Every line of the material below needs to be copied exactly; omit the pictures.

□ □ □ □ □

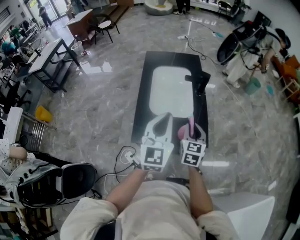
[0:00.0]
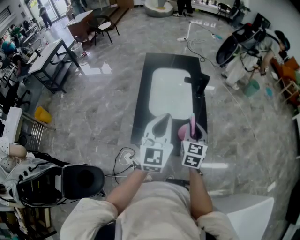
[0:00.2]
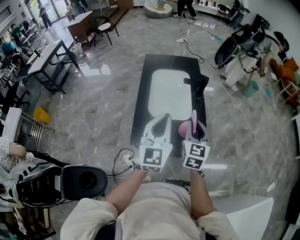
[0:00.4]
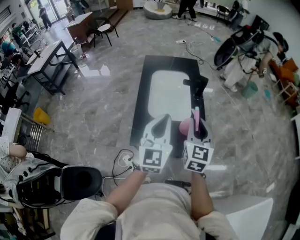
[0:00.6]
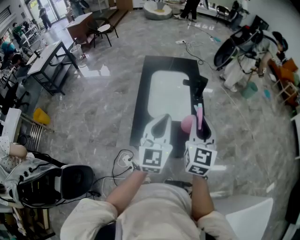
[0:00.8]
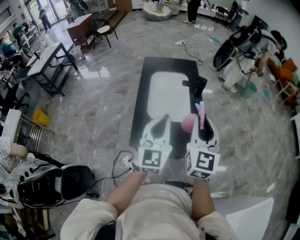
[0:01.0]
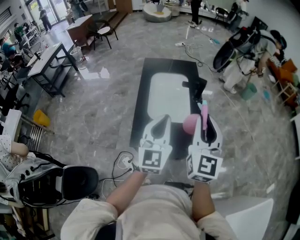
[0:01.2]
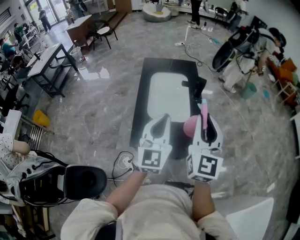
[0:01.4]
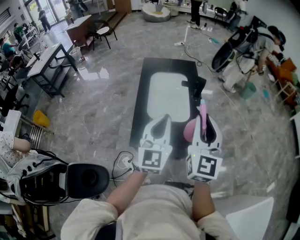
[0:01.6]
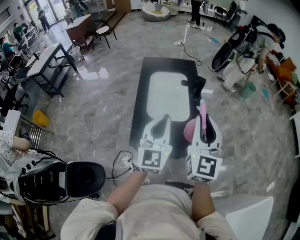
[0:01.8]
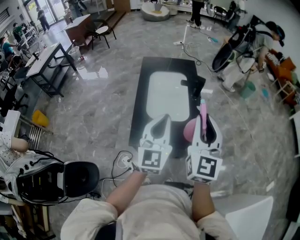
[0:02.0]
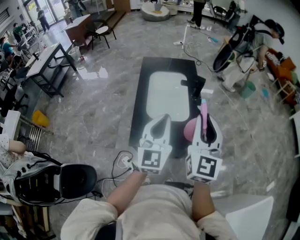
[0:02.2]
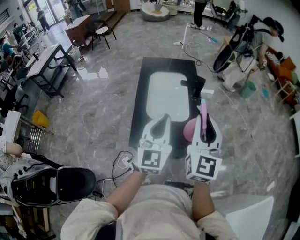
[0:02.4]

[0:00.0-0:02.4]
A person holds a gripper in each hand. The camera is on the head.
0:00.0 to 0:01.2: The right gripper travels upward by approximately 20 cm, and swivels roughly 30 degrees.
0:01.2 to 0:02.4: The grippers move only a little.

□ □ □ □ □

Result for this exercise
[0:00.0]
[0:00.2]
[0:00.4]
[0:00.6]
[0:00.8]
[0:01.0]
[0:01.2]
[0:01.4]
[0:01.6]
[0:01.8]
[0:02.0]
[0:02.2]
[0:02.4]

[0:00.0-0:02.4]
A person holds a gripper in each hand. The camera is on the head.
0:00.0 to 0:01.2: The right gripper travels upward by approximately 20 cm, and swivels roughly 30 degrees.
0:01.2 to 0:02.4: The grippers move only a little.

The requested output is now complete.